## WORK INSTRUCTION
Count how many lines in the material below hold the word "height"; the reply is that number alone.

——

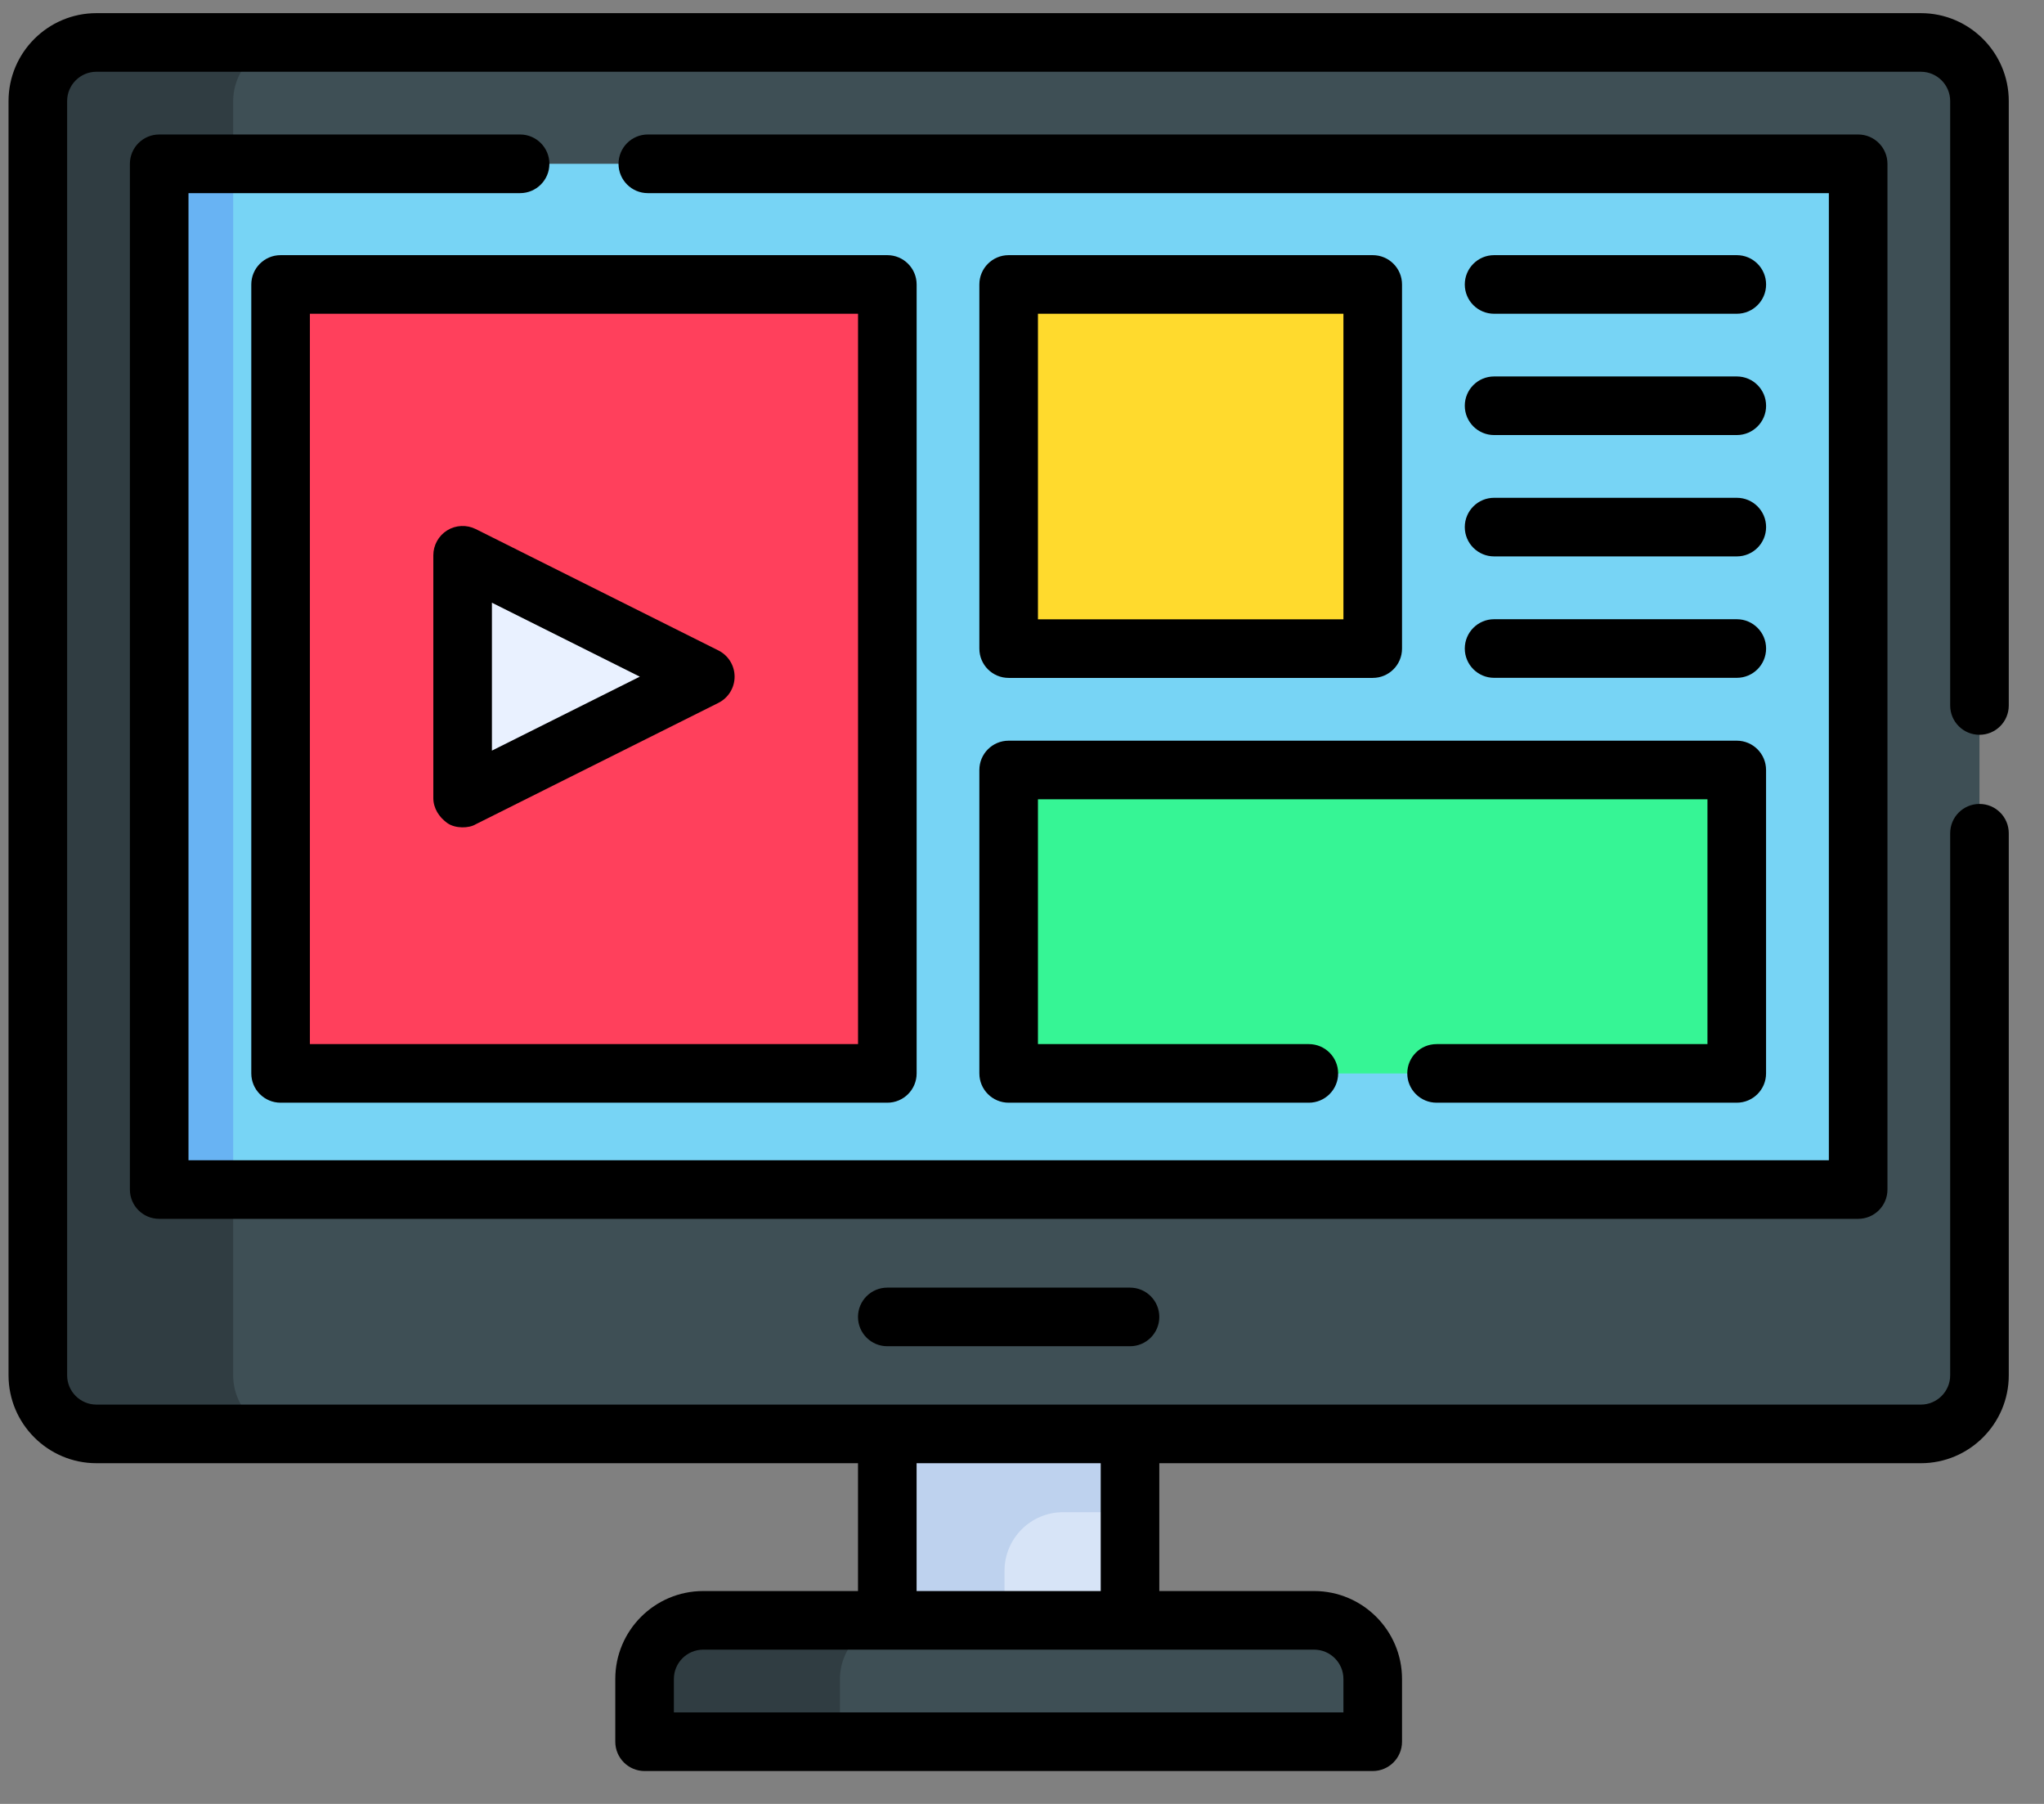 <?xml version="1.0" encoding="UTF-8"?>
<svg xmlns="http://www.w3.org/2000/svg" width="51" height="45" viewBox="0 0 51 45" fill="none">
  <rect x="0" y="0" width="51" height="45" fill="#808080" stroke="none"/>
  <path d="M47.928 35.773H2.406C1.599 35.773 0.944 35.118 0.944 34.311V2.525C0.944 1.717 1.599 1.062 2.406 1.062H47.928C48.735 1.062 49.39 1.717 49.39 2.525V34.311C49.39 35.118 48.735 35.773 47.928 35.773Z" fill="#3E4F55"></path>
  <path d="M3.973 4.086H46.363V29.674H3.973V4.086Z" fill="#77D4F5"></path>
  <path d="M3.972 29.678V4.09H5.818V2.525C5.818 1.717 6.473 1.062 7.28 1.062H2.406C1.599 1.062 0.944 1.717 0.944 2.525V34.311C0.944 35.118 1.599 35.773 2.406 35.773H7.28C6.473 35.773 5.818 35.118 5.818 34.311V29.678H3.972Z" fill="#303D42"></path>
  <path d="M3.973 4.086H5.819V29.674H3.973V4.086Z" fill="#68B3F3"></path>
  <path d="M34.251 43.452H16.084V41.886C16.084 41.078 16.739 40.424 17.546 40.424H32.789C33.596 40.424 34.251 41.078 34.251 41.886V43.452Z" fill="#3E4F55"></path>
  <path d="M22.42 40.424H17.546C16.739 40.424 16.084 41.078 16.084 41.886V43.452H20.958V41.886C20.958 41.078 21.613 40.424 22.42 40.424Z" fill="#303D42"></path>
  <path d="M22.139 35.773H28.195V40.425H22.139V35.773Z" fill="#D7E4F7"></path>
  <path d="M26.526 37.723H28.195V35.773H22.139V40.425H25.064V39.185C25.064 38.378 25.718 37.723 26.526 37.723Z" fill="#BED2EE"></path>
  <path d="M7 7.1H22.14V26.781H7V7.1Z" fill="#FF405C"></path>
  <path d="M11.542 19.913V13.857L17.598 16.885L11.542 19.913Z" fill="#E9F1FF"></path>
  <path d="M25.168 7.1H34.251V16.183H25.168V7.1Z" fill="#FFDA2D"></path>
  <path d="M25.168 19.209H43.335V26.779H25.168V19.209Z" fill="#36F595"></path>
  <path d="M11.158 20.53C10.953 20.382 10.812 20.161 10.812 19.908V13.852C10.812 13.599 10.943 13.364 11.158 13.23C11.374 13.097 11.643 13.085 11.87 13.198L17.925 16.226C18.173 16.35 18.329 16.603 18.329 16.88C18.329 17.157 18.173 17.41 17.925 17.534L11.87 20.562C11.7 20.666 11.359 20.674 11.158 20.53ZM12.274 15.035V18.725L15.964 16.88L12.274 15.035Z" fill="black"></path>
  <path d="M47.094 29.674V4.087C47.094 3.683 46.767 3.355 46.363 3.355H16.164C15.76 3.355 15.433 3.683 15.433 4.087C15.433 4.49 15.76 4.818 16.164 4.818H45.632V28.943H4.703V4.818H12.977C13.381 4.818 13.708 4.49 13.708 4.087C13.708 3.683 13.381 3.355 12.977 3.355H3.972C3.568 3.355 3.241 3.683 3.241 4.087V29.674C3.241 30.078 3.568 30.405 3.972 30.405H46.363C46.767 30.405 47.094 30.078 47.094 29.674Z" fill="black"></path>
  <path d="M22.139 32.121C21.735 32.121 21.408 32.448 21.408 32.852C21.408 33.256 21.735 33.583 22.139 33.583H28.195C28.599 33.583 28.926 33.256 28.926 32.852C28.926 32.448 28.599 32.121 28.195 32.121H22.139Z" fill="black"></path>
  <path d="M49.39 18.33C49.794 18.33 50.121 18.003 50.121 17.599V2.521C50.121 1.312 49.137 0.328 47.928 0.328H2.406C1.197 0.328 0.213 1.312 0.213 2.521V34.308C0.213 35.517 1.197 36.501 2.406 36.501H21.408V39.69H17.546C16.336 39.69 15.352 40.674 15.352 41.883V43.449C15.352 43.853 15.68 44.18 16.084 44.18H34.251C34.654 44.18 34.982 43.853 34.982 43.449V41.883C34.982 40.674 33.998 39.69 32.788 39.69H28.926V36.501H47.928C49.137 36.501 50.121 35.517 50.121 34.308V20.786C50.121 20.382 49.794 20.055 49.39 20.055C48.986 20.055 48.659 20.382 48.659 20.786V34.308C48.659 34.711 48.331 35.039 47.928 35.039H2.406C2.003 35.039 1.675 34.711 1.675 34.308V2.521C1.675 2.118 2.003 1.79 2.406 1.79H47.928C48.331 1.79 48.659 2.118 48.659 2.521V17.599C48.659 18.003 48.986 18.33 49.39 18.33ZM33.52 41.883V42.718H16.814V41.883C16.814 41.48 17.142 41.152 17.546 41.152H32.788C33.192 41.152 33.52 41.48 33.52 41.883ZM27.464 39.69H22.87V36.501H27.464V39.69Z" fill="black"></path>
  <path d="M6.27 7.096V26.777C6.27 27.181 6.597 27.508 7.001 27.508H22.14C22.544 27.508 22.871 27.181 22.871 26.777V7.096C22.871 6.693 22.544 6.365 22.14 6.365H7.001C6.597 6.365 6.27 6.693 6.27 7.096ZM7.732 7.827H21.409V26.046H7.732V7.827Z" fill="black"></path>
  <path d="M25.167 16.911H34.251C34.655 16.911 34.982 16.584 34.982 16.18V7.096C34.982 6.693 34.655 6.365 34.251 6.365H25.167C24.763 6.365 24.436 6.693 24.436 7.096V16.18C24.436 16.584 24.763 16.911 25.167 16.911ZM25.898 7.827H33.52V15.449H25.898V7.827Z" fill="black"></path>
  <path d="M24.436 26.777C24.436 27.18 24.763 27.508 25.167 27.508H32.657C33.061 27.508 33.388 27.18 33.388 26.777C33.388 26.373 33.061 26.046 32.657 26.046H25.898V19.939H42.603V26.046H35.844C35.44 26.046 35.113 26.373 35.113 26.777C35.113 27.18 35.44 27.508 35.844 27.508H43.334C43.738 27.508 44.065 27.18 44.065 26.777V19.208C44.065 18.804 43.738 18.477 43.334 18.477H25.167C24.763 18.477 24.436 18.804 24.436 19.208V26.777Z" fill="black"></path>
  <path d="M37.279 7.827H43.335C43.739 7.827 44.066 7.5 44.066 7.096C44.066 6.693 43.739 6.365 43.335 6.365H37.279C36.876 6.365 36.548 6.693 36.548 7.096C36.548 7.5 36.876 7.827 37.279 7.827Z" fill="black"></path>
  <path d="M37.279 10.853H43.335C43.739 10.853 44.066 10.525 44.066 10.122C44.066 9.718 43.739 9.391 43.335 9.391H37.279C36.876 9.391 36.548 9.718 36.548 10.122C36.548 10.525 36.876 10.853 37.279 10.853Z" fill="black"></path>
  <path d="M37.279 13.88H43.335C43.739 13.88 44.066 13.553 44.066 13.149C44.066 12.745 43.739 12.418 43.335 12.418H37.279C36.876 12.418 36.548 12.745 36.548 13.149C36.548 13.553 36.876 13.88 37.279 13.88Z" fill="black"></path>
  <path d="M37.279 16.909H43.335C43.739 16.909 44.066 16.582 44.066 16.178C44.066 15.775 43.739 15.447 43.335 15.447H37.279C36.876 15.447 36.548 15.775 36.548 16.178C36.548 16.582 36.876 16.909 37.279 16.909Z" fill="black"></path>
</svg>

——

## WORKED SOLUTION
2